Этот внутренний Фенрис — часть меня. Прогнать его я не могу. Он во мне есть, и он необходим. И даже если в нашем мире, мире-двойнике Мидгарда со всеми его законами, правилами и тюрьмами, подобному духу не находится места, это еще не значит, что он бесполезен. Он — моя воля к выживанию, моя уверенность в том, что меня не сломить никакими силами, как бы плохо мне ни было. Узнав, через что мне довелось пройти в детстве, люди удивляются: «А почему у тебя не развилось диссоциативное расстройство? Почему у тебя нет ПТСР? Почему ты до сих пор цел?» Отвечаю: благодаря этому зверю. Но за все приходится платить, и в данном случае это значит, что мне приходится постоянно уживаться с этим зверем бок о бок, прислушиваясь по ночам, как он гремит цепями в моем подвале и вынашивает планы побега.

Если и есть на свете какой-то Закон, который я понимаю в полной мере, то это — Закон Работы с Тенью: нужно любить все части своей личности, безоговорочно и безусловно. К своим теневым частям нельзя спускаться с надеждой, что рано или поздно они изменятся, исцелятся и так далее. Надежда на что-то подобное означает, что вы не любите их по-настоящему, и они это почуют и не станут вас слушать. Соответственно, чтобы полюбить себя, я должен был полюбить и эту свою часть — ту, которая алчет насилия и убийства, мечтает о лужах крови на полу и о том, как мое горло оросит сырая красная влага с привкусом металла. (Да, разумеется, я об этом мечтал. Мне приходится с этим жить — вы еще не забыли?) Поэтому я начал с того же, с чего и многие другие люди, следующие самым разным религиям: если трудно полюбить себя, для начала полюби Бога.

Итак, для начала я поставил перед собой задачу полюбить Фенриса. Я сказал себе: если я смогу полюбить Бога Разрушения, в котором воплощена святость всего того, чего я боюсь в самом себе, возможно, то, быть может, мне удастся по аналогии полюбить и своего внутреннего Фенриса. В теории все звучит просто, но на деле это означало, что я должен предстать перед Великим Волком и увидеть его таким, как он есть, без романтических прикрас и безо всяких надежд на то, что он изменится. Он такой, какой есть, и он этим гордится. Он жаждет сожрать весь мир — и любит его. Он сожрал бы и своих родителей, которые до сих пор любят его таким, как он есть, со всеми крайностями

его природы. Первое, что я сделал, — заплакал о нем: не из жалости, но от благоговения. Я сумел разглядеть его святость, а мой внутренний хищник бросился на прутья клетки и завыл во славу своего божества.

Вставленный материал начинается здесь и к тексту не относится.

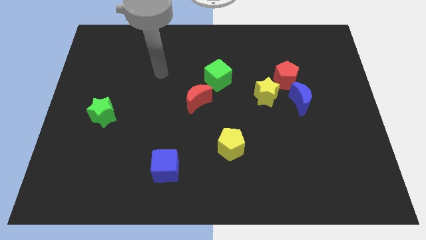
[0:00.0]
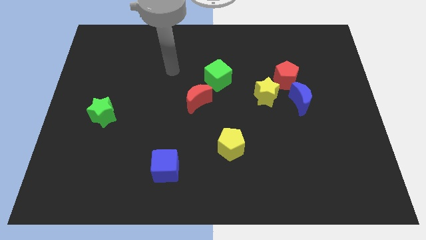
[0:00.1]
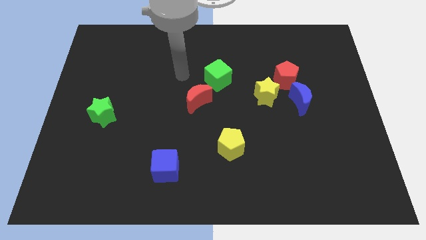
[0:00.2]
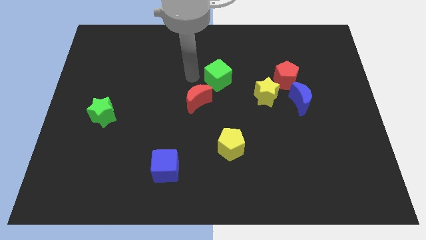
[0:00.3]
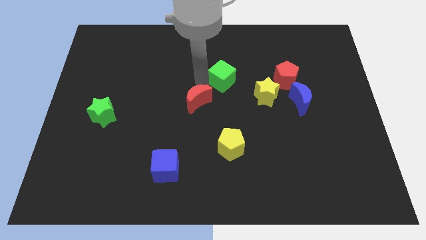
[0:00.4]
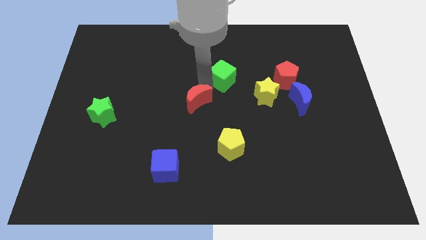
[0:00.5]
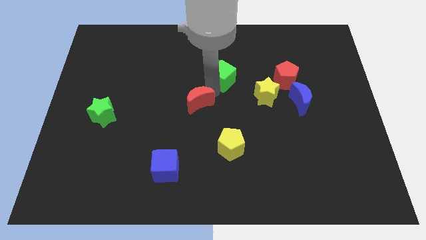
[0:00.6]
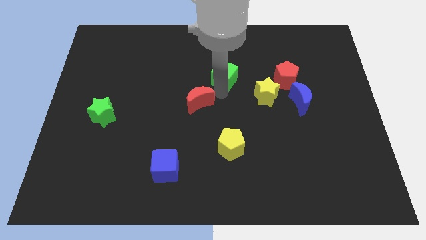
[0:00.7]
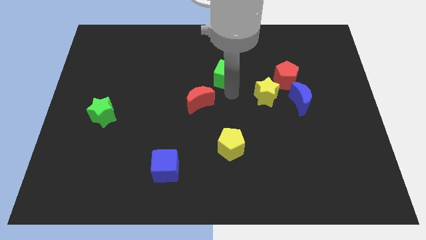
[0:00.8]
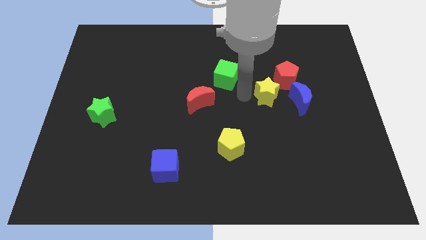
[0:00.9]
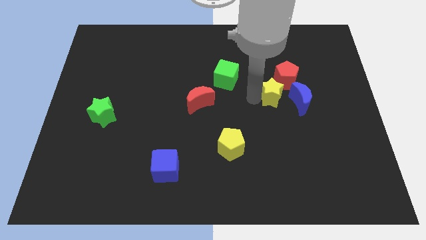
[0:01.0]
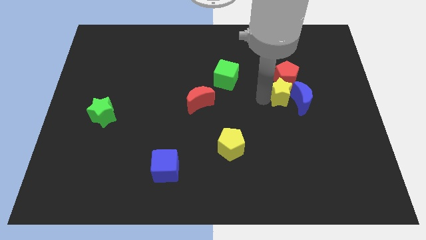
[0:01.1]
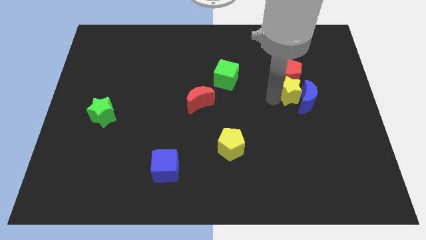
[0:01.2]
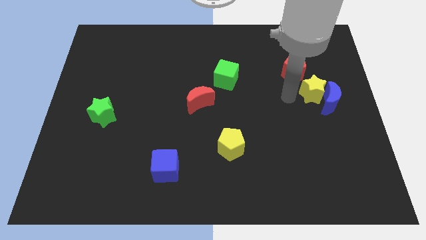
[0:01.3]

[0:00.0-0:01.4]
pull the red pentagon apart from the yellow star and blue moon

Прошло немало времени, прежде чем мне удалось — очень медленно, постепенно, — полюбить не только этого бога (а его действительно полюбил, прекрасно понимая при этом, почему Он должен оставаться скованным), но и ту часть меня, которая тоже должна сидеть на цепи. Но в прутья моей внутренней клетки, в которой он томится, вложено не шесть небывалых вещей, а куда больше. Когда сотрудники психиатрических клиник сталкиваются в своей работе с людьми, испытывающими неприемлемые для общества потребности, это зрелище подчас завораживает их и сбивает с толку. Оно потрясает и ужасает, щекочет нервы и даже, вероятно, заставляет гордиться собственным душевным здоровьем: уж у них-то самих никогда не возникнет таких извращенных и отвратительных желаний! Полагая, будто весь корень зла — в желаниях и потребностях, они упускают из виду тот факт, что и вне стен лечебницы встречаются люди с теми же потребностями, что и у любого серийного убийцы, но по виду о них этого никогда не скажешь. Таким образом, проблема не в желаниях, а в утрате самоконтроля, в расстройстве тормозящих механизмов, в том, что волшебная цепь, которой скован внутренний зверь, оказывается недостаточно прочной.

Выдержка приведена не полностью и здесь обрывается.